[What the exercise asks]
An exact copy of the data is required. No picture may appear in it.
++++ Data for this task
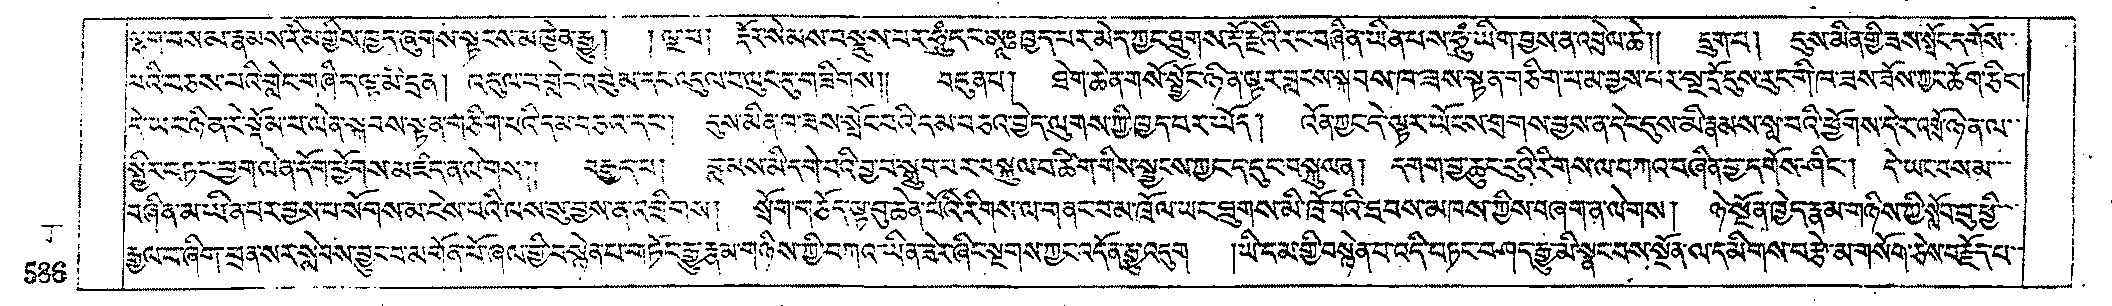ལྷག་བསམ་རྣམས་རིམ་གྱིས་ཁྱད་ཞུགས་སྟངས་མཁྱེན་རྒྱུ། །ལྔ་པ། རྡོར་སེམས་བསྡུས་པར་ཧཱུཾ་དང་ཨཱཿཁྱད་པར་མེད་ཀྱང་ཐུགས་རྡོ་རྗེའི་རང་བཞིན་ཡིན་པས་ཧཱུཾ་ཡིག་བྱས་ན་འབྲེལ་ཆེ།། དྲུག་པ། དུས་མིན་གྱི་ཟས་སྤོང་དགོས་་་
པའི་བཅས་པའི་གླེང་གཞི་ད་ལྟ་མི་དྲན། འདུལ་བ་གླེང་འབུམ་དང་འདུལ་བ་ལུང་དུ་གཟིགས།། བདུན་པ། ཐེག་ཆེན་གསོ་སྦྱོང་ཉིན་ལྟར་བླངས་སྐབས་ཁ་ཟས་སྟན་གཅིག་པ་མ་བྱས་པར་སྔ་དྲོ་དུས་རུང་གི་ཁ་ཟས་ཟོས་ཀྱང་ཆོག་ཅིང་།
དེ་ཡང་ཉིན་རེ་སྡོམ་པ་ལེན་སྐབས་སྟན་གཅིག་པའི་དམ་བཅའ་དང་། དུས་མིན་ཁ་ཟས་སྤོང་བའི་དམ་བཅའ་བྱེད་ལུགས་ཀྱི་ཁྱད་པར་ཡོད། འོན་ཀྱང་དེ་ལྟར་ཡོངས་གྲགས་བྱས་ན་དེང་དུས་མི་རྣམས་སླ་བའི་ཕྱོགས་དེར་འགྲོ་ཉེན་ལ་་་
སྤྱིར་བཏང་ཕྱག་ལེན་དོག་ཕྱོགས་མཛད་ན་ལེགས།། བརྒྱད་པ། བླ་མས་མི་དགེ་བའི་བྱ་བ་སྒྲུབ་པར་བསྐུལ་བ་ཚིག་གིས་སྦྱངས་ཀྱང་ད་དུང་བསྐུལ་ན། དགག་བྱ་ཆུང་ངུའི་རིགས་ལ་བཀའ་བཞིན་བྱ་དགོས་ཤིང་། དེ་ཡང་བསམ་་་
བཞིན་མ་ཡིན་པར་བྱས་པ་སོགས་མ་ངེས་པའི་ལས་སུ་བྱས་ན་འགྲིགས། སྲོག་གཅོད་ལྟ་བུ་ཆེན་པོའི་རིགས་ལ་གནང་བ་མ་ཁྲོལ་ཡང་ཐུགས་མི་ཁྲོ་བའི་ཐབས་མཁས་ཀྱིས་བཞག་ན་ལེགས། ཉེ་སྔོན་ཁྱེད་རྣམ་གཉིས་ཀྱི་སློབ་བུ་ཕྱི་་་
རྒྱལ་བ་ཞིག་ཕྲན་སར་སླེབས་བྱུང་བ་མགོན་པོ་ཞལ་གྱི་བསྙེན་པ་གཏོང་རྒྱུ་རྣམ་གཉིས་ཀྱི་བཀའ་ཡིན་ཟེར་ཞིང་སྔགས་ཀྱང་འདོན་རྒྱུ་འདུག །ཡི་དམ་གྱི་བསྙེན་པ་འདི་བཏང་བཤད་རྒྱུ་མི་སྣང་བས་སྔོན་ལ་དམིགས་བརྩེ་མ་གསོག་ཅེས་བརྗོད་པ་་་
++++++++
[Task response]
ལྷག་བསམ་རྣམས་རིམ་གྱིས་ཁྱད་ཞུགས་སྟངས་མཁྱེན་རྒྱུ། །ལྔ་པ། རྡོར་སེམས་བསྡུས་པར་ཧཱུཾ་དང་ཨཱཿཁྱད་པར་མེད་ཀྱང་ཐུགས་རྡོ་རྗེའི་རང་བཞིན་ཡིན་པས་ཧཱུཾ་ཡིག་བྱས་ན་འབྲེལ་ཆེ།། དྲུག་པ། དུས་མིན་གྱི་ཟས་སྤོང་དགོས་་་
པའི་བཅས་པའི་གླེང་གཞི་ད་ལྟ་མི་དྲན། འདུལ་བ་གླེང་འབུམ་དང་འདུལ་བ་ལུང་དུ་གཟིགས།། བདུན་པ། ཐེག་ཆེན་གསོ་སྦྱོང་ཉིན་ལྟར་བླངས་སྐབས་ཁ་ཟས་སྟན་གཅིག་པ་མ་བྱས་པར་སྔ་དྲོ་དུས་རུང་གི་ཁ་ཟས་ཟོས་ཀྱང་ཆོག་ཅིང་།
དེ་ཡང་ཉིན་རེ་སྡོམ་པ་ལེན་སྐབས་སྟན་གཅིག་པའི་དམ་བཅའ་དང་། དུས་མིན་ཁ་ཟས་སྤོང་བའི་དམ་བཅའ་བྱེད་ལུགས་ཀྱི་ཁྱད་པར་ཡོད། འོན་ཀྱང་དེ་ལྟར་ཡོངས་གྲགས་བྱས་ན་དེང་དུས་མི་རྣམས་སླ་བའི་ཕྱོགས་དེར་འགྲོ་ཉེན་ལ་་་
སྤྱིར་བཏང་ཕྱག་ལེན་དོག་ཕྱོགས་མཛད་ན་ལེགས།། བརྒྱད་པ། བླ་མས་མི་དགེ་བའི་བྱ་བ་སྒྲུབ་པར་བསྐུལ་བ་ཚིག་གིས་སྦྱངས་ཀྱང་ད་དུང་བསྐུལ་ན། དགག་བྱ་ཆུང་ངུའི་རིགས་ལ་བཀའ་བཞིན་བྱ་དགོས་ཤིང་། དེ་ཡང་བསམ་་་
བཞིན་མ་ཡིན་པར་བྱས་པ་སོགས་མ་ངེས་པའི་ལས་སུ་བྱས་ན་འགྲིགས། སྲོག་གཅོད་ལྟ་བུ་ཆེན་པོའི་རིགས་ལ་གནང་བ་མ་ཁྲོལ་ཡང་ཐུགས་མི་ཁྲོ་བའི་ཐབས་མཁས་ཀྱིས་བཞག་ན་ལེགས། ཉེ་སྔོན་ཁྱེད་རྣམ་གཉིས་ཀྱི་སློབ་བུ་ཕྱི་་་
རྒྱལ་བ་ཞིག་ཕྲན་སར་སླེབས་བྱུང་བ་མགོན་པོ་ཞལ་གྱི་བསྙེན་པ་གཏོང་རྒྱུ་རྣམ་གཉིས་ཀྱི་བཀའ་ཡིན་ཟེར་ཞིང་སྔགས་ཀྱང་འདོན་རྒྱུ་འདུག །ཡི་དམ་གྱི་བསྙེན་པ་འདི་བཏང་བཤད་རྒྱུ་མི་སྣང་བས་སྔོན་ལ་དམིགས་བརྩེ་མ་གསོག་ཅེས་བརྗོད་པ་་་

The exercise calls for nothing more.